--- AVAILABLE DATA Enclosed Below ---

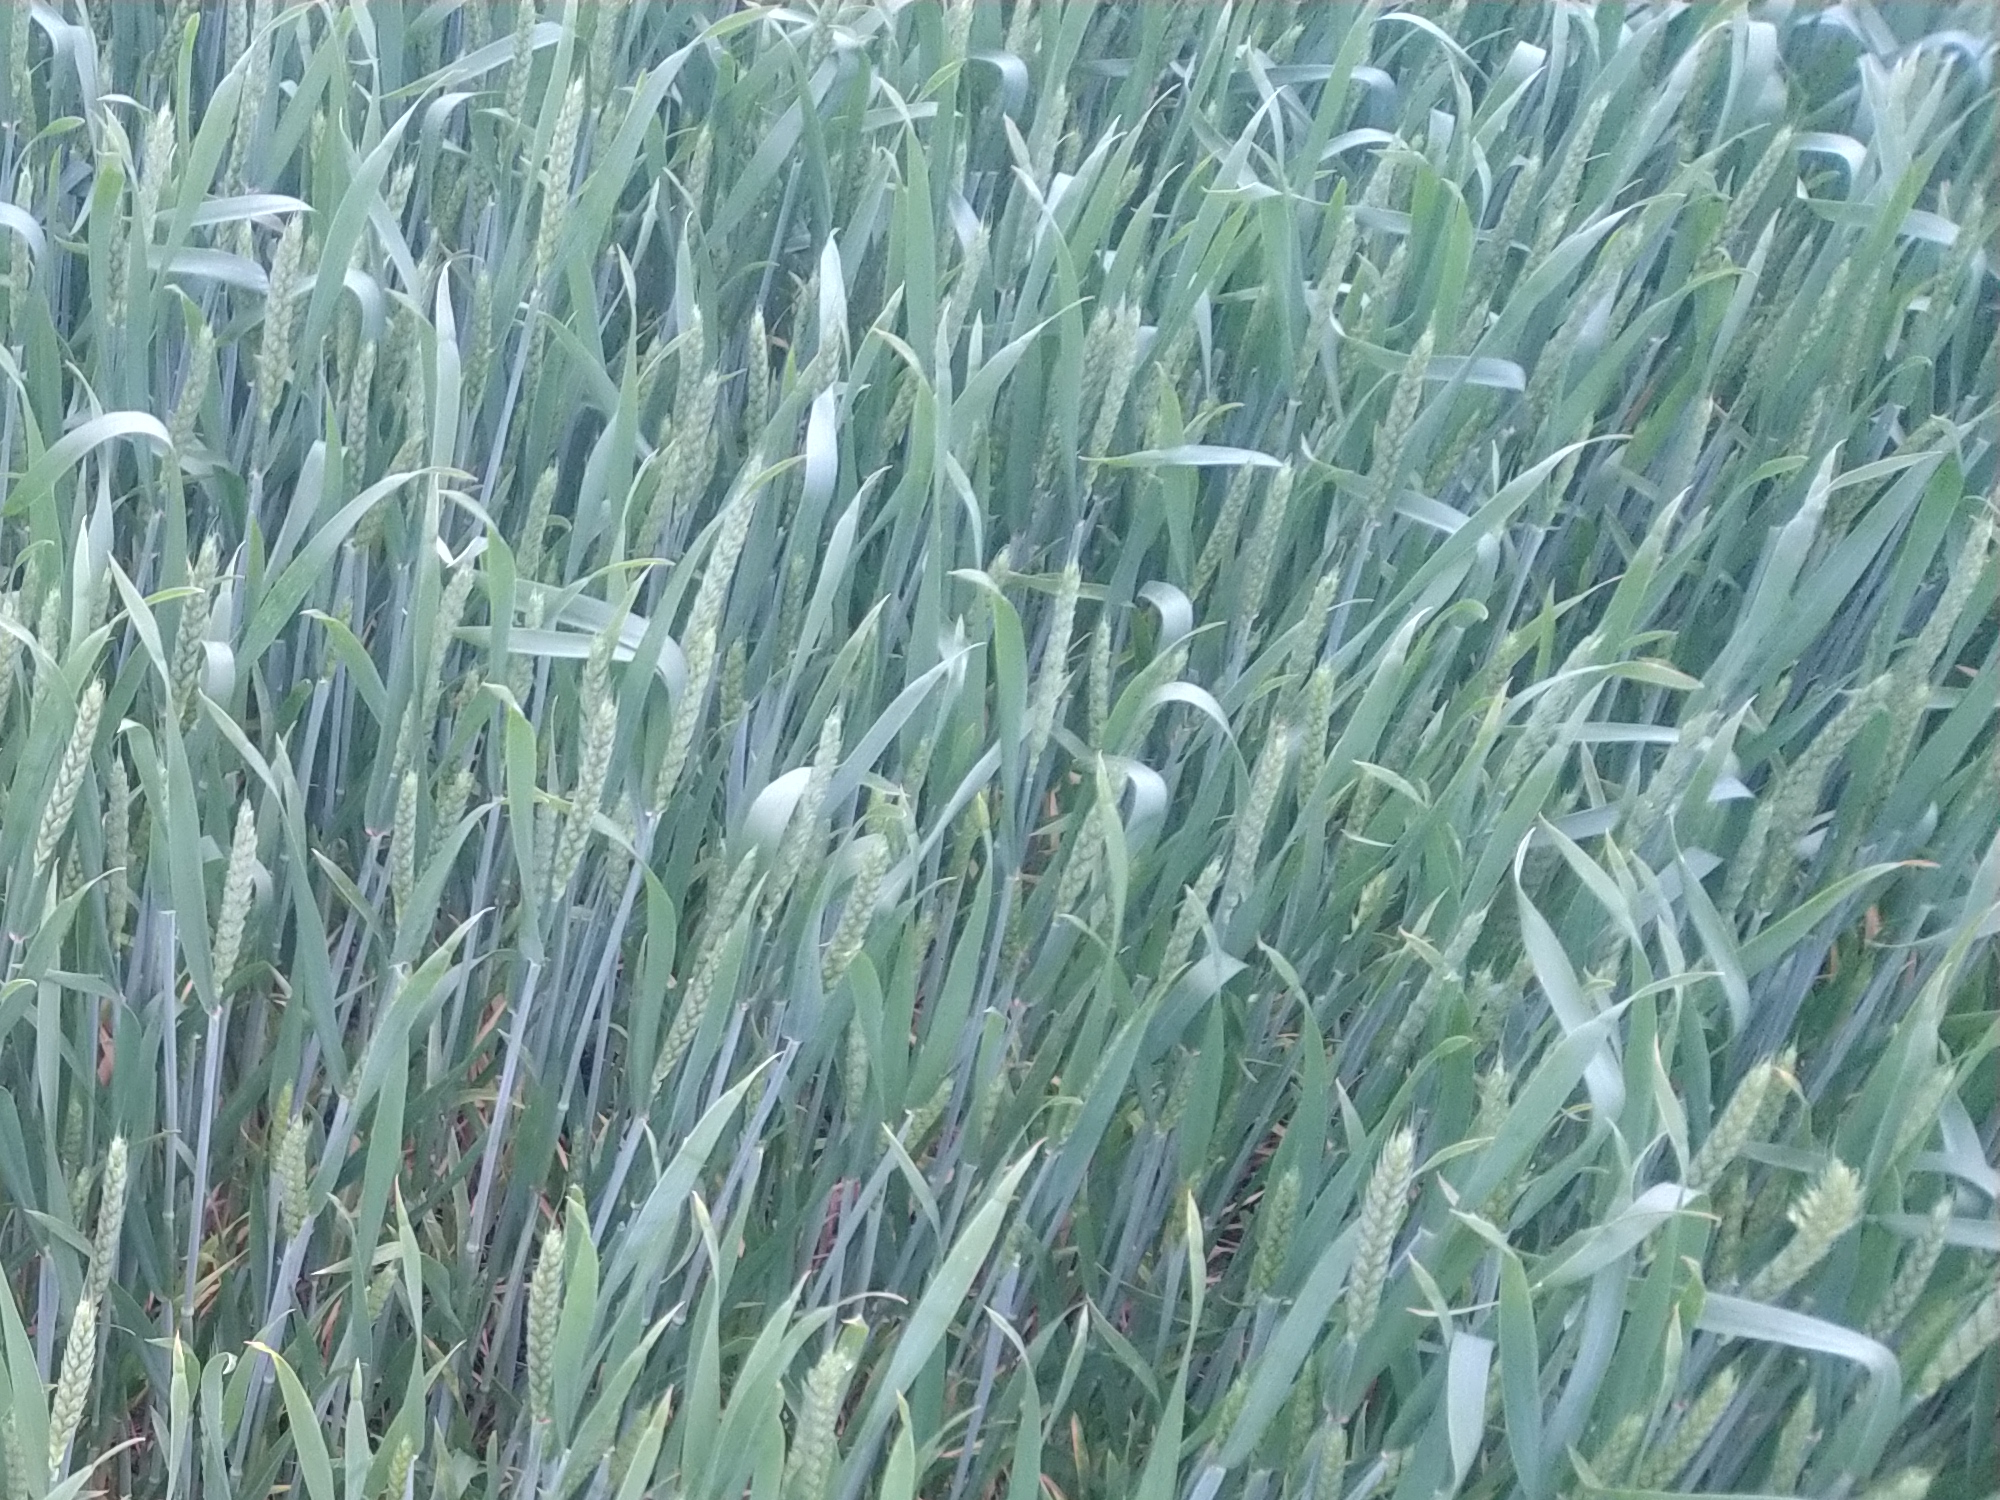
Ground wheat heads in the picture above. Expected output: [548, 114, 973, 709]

--- End of Enclosed AVAILABLE DATA ---
--- AVAILABLE DATA Enclosed Below ---

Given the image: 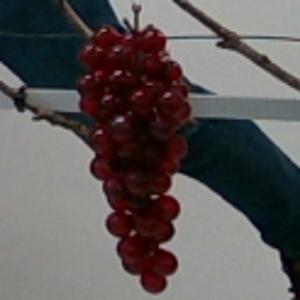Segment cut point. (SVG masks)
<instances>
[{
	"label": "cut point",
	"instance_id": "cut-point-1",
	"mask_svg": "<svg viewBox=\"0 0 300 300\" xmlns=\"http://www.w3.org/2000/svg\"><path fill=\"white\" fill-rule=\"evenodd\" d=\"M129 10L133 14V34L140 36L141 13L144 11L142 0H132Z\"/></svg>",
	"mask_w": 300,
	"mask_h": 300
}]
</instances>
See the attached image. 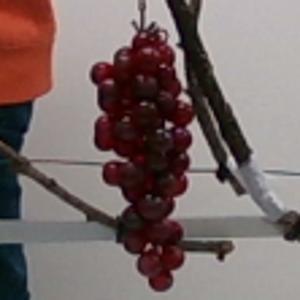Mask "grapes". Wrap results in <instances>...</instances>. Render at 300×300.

--- End of Enclosed AVAILABLE DATA ---
--- AVAILABLE DATA Enclosed Below ---

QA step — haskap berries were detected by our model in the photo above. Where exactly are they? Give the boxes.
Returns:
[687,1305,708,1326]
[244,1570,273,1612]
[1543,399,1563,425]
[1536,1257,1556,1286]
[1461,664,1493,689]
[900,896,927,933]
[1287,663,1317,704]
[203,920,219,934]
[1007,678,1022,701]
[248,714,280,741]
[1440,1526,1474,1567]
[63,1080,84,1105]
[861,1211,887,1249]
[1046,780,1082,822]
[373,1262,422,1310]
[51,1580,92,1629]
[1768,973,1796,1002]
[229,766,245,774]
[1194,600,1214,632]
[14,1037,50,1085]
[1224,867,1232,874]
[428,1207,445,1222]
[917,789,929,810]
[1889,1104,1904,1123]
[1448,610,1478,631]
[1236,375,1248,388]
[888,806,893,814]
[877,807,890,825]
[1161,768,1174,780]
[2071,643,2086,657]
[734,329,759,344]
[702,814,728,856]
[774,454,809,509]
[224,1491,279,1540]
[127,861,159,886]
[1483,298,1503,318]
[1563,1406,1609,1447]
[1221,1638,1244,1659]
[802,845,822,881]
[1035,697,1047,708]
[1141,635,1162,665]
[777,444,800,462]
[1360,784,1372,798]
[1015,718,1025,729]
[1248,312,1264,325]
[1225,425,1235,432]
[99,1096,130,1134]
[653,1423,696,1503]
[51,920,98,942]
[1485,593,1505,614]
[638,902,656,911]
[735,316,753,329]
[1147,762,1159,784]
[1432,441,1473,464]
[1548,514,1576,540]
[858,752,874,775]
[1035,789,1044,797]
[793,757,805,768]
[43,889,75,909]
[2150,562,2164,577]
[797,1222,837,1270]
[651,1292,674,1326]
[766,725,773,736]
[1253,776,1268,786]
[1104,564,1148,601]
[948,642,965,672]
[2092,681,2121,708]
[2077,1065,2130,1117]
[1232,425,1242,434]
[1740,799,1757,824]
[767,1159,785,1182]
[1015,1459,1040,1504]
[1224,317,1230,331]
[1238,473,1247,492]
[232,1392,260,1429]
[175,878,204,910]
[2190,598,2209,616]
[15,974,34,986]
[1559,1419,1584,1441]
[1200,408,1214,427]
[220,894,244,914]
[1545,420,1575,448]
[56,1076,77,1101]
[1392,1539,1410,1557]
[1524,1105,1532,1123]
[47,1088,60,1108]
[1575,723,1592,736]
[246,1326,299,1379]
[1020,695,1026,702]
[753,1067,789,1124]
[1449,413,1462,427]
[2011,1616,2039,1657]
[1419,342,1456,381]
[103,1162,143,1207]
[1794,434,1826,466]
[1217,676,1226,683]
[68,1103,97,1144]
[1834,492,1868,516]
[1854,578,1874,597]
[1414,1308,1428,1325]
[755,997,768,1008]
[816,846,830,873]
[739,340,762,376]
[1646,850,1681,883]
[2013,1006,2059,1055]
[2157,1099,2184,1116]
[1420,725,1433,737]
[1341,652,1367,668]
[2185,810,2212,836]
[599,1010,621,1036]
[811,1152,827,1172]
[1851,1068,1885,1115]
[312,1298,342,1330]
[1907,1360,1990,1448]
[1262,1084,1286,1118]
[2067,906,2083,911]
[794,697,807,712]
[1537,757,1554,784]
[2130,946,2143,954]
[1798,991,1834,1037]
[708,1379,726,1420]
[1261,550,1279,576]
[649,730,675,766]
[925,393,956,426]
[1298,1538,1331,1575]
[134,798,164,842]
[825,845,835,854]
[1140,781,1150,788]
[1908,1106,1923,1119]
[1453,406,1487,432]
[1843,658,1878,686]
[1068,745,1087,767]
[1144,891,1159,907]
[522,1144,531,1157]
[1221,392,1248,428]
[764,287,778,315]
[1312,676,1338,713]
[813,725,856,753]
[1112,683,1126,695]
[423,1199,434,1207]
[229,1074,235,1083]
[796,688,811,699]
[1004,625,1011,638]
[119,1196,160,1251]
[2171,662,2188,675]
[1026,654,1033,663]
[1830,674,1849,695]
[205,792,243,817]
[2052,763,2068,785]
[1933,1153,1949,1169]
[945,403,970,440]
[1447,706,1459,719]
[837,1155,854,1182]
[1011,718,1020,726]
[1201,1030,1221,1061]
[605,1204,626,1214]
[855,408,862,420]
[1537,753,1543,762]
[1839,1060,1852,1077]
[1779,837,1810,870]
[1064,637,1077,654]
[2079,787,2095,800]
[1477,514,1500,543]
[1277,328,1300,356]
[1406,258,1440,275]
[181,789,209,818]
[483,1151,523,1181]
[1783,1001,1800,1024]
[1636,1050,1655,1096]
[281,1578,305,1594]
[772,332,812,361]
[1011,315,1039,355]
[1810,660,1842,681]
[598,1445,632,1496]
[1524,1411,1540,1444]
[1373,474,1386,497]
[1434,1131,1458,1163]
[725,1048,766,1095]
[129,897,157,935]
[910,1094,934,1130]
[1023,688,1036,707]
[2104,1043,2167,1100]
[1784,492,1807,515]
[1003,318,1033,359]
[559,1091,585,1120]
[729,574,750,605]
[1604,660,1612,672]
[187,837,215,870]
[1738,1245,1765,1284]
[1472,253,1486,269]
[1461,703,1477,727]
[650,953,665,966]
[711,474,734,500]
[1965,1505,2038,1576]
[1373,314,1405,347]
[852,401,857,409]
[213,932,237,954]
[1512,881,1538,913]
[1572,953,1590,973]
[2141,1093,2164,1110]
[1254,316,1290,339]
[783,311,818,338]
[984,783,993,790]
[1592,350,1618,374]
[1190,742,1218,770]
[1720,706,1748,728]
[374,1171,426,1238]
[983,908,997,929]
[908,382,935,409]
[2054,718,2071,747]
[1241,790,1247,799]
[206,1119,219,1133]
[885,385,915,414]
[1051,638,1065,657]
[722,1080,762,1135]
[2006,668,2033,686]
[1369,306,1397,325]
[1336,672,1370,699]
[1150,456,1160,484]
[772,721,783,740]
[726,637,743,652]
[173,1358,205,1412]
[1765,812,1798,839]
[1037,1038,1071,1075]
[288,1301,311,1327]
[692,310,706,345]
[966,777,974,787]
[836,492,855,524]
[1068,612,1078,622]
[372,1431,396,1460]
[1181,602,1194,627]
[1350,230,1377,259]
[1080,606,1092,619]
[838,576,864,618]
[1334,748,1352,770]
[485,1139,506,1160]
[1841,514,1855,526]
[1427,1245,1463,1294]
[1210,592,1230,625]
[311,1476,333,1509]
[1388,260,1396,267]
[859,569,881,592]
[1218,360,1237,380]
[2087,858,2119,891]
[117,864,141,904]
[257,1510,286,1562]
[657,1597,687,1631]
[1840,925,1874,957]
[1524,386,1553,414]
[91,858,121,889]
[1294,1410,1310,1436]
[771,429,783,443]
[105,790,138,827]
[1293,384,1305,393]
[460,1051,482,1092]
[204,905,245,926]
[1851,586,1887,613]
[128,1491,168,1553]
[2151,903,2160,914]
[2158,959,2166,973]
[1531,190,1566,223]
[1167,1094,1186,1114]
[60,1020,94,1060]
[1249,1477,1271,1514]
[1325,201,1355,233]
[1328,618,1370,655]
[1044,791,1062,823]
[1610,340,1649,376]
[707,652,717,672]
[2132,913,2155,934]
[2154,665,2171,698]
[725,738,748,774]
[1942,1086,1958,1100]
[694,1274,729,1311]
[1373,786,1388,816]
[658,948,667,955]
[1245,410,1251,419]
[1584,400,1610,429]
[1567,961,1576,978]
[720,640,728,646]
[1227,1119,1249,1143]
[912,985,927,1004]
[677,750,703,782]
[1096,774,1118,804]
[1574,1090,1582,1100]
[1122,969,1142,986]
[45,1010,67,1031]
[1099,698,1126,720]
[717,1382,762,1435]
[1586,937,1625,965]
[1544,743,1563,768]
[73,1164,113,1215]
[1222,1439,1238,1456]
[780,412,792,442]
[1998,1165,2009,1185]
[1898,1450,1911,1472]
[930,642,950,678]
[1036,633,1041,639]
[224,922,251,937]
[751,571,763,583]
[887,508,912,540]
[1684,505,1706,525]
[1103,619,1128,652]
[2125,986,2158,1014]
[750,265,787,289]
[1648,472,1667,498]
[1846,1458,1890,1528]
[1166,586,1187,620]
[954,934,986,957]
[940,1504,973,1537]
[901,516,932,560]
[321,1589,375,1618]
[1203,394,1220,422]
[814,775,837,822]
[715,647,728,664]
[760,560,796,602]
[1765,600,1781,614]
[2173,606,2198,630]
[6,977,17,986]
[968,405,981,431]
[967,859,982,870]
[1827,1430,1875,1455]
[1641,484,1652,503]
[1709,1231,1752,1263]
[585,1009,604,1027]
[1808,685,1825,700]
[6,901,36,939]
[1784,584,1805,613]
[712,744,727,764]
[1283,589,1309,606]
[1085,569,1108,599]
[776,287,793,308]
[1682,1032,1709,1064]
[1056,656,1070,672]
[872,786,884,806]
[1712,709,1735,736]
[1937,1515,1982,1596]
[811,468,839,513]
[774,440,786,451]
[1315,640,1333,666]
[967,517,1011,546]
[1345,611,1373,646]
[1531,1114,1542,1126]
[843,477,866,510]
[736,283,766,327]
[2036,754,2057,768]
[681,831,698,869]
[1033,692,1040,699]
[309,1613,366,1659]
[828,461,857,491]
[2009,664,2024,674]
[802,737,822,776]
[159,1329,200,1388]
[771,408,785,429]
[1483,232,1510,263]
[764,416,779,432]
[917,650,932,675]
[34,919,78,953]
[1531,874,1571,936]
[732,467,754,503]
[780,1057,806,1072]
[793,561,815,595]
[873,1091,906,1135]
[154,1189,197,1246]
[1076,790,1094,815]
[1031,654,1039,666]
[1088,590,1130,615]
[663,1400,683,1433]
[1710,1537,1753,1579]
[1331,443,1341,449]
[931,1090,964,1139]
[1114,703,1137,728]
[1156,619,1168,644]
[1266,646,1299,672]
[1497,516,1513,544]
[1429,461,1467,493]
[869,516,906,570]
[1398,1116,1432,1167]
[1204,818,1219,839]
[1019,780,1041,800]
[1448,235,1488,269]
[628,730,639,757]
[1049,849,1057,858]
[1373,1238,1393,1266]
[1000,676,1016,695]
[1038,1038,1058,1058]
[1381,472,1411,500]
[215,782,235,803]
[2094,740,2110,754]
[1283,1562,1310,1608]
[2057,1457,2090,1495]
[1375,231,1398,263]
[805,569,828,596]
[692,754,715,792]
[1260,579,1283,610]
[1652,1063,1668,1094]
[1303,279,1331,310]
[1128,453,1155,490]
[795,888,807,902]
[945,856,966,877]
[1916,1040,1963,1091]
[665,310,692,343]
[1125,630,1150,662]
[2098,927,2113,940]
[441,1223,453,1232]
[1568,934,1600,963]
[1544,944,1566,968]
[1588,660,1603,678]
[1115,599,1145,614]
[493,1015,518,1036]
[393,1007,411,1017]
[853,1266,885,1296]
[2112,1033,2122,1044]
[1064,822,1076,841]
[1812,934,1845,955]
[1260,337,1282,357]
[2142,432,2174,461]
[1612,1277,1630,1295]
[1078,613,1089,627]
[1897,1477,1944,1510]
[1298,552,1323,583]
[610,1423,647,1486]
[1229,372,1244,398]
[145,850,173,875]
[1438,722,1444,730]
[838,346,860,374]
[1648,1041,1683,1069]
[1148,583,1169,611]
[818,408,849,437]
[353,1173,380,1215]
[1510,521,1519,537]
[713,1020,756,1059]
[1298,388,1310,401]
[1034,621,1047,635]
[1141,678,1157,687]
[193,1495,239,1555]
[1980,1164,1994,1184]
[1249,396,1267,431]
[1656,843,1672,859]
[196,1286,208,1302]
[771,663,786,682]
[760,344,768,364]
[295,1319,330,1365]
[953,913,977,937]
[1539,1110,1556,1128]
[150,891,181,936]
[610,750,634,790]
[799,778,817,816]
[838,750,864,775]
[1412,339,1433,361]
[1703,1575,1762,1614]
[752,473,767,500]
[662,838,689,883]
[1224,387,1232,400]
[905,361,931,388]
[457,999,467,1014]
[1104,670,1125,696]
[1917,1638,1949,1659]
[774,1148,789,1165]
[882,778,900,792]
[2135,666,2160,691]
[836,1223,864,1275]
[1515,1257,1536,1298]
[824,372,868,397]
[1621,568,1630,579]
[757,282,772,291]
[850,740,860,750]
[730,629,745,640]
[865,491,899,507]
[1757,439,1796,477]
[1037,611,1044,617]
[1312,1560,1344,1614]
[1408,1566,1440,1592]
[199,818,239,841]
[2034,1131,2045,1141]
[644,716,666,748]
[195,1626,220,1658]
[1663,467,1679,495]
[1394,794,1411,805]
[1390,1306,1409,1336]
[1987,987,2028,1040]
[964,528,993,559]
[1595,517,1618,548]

--- End of Enclosed AVAILABLE DATA ---

§ **TASK TO CARRY OUT**:
The lines to copy are those in the listing that contain "above".

§ **OUTPUT OF THE TASK**:
Ground wheat heads in the picture above. Expected output: [548, 114, 973, 709]
QA step — haskap berries were detected by our model in the photo above. Where exactly are they? Give the boxes.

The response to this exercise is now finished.